Without the pictures, output the lines of the material from the very first through the one that holds "Assembly tree (9".

### Dataset records
╭──

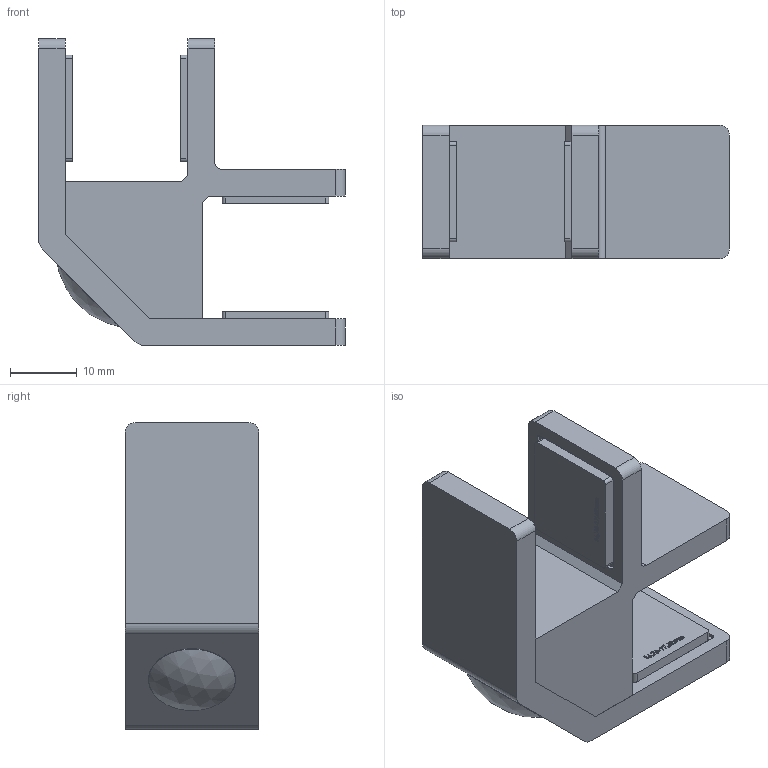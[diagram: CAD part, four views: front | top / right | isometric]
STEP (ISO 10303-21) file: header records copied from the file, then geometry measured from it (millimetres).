
FILE_DESCRIPTION (( 'STEP AP203' ), '1' );
FILE_NAME ('80570-240-16-EH.step', '2021-11-26T10:34:28', ( '' ), ( '' ), 'SwSTEP 2.0', 'SolidWorks 2018', '' );
FILE_SCHEMA (( 'CONFIG_CONTROL_DESIGN' ));
Length unit declared in the file: millimetre
Products named in the file (15): 80570-xxx-xx-EH Teil1; 80570-xxx-xx-EH Teil4; 80570-xxx-xx-EH Teil1_80570-240-16-EH Teil1; 80570-xxx-xx-EH Teil3; 80570-xxx-xx-EH Teil3_16,76-17,52mm; 80570-240-16-EH; socket countersunk head screw_din; 80570-xxx-xx-EH Teil2; 80570-xxx-xx-EH Teil2_80570-240-16-EH Teil2; socket countersunk head screw_din_DIN 7991 - M6 x 16 --- 16S
Assembly tree (9 placements, depth 2):
  80570-xxx-xx-EH Teil1
  80570-xxx-xx-EH Teil4
  80570-xxx-xx-EH Teil3
  80570-240-16-EH
    80570-xxx-xx-EH Teil2
  80570-xxx-xx-EH Teil3
Bounding box: 46 x 20 x 46 mm (x, y, z)
Volume: 17306 mm3; surface area: 12395.7 mm2
Topology: 8 solids, 16 shells, 2838 faces, 7406 edges, 4880 vertices
Faces by surface type: plane 1625, bspline 901, cylinder 209, torus 70, cone 32, sphere 1
Full cylindrical faces by diameter (mm): 1.8 x1, 2.7 x4, 4 x1, 5 x1, 6 x12, 7 x1, 11.57 x1, 12.5 x1
Entity records: 59305 total; most frequent: CARTESIAN_POINT 28804, ORIENTED_EDGE 6480, DIRECTION 4912, EDGE_CURVE 3240, VERTEX_POINT 2138, VECTOR 2102, LINE 2102, EDGE_LOOP 1480
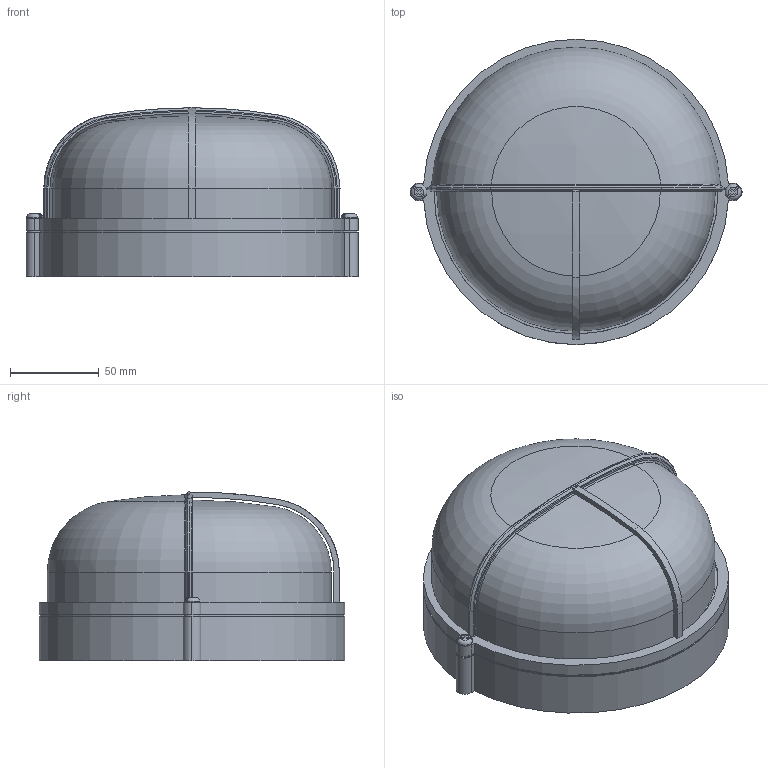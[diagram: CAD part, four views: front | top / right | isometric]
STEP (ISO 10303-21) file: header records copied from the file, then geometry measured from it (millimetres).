
FILE_DESCRIPTION (( 'STEP AP214' ), '1' );
FILE_NAME ('LNPP0-1305-1-060-K02 Ñâåòèëüíèê ÍÏÏ1305 ÷åðíûé_êðóã ï_ñôåðà-ëó÷ 60Âò IP54 ÈÝÊ.STEP', '2017-06-23T07:57:55', ( '' ), ( '' ), 'SwSTEP 2.0', 'SolidWorks 2014', '' );
FILE_SCHEMA (( 'AUTOMOTIVE_DESIGN' ));
Length unit declared in the file: millimetre
Products named in the file (1): LNPP0-1305-1-060-K02 Ñâåòèëüíèê ÍÏÏ1305 ÷åðíûé_êðóã ï_ñôåðà-ëó÷ 60Âò IP54  ÈÝÊ
Bounding box: 187 x 172 x 95.5 mm (x, y, z)
Volume: 1550324.2 mm3; surface area: 133784.2 mm2
Topology: 1 solids, 1 shells, 157 faces, 391 edges, 249 vertices
Faces by surface type: plane 64, cylinder 50, torus 25, sphere 7, cone 7, bspline 4
Entity records: 5267 total; most frequent: CARTESIAN_POINT 1402, DIRECTION 851, ORIENTED_EDGE 782, EDGE_CURVE 391, AXIS2_PLACEMENT_3D 342, VERTEX_POINT 249, CIRCLE 188, EDGE_LOOP 172

╰──

### The completed task
[diagram: CAD part, four views: front | top / right | isometric]
STEP (ISO 10303-21) file: header records copied from the file, then geometry measured from it (millimetres).
FILE_DESCRIPTION (( 'STEP AP203' ), '1' );
FILE_NAME ('80570-240-16-EH.step', '2021-11-26T10:34:28', ( '' ), ( '' ), 'SwSTEP 2.0', 'SolidWorks 2018', '' );
FILE_SCHEMA (( 'CONFIG_CONTROL_DESIGN' ));
Length unit declared in the file: millimetre
Products named in the file (15): 80570-xxx-xx-EH Teil1; 80570-xxx-xx-EH Teil4; 80570-xxx-xx-EH Teil1_80570-240-16-EH Teil1; 80570-xxx-xx-EH Teil3; 80570-xxx-xx-EH Teil3_16,76-17,52mm; 80570-240-16-EH; socket countersunk head screw_din; 80570-xxx-xx-EH Teil2; 80570-xxx-xx-EH Teil2_80570-240-16-EH Teil2; socket countersunk head screw_din_DIN 7991 - M6 x 16 --- 16S
Assembly tree (9 placements, depth 2):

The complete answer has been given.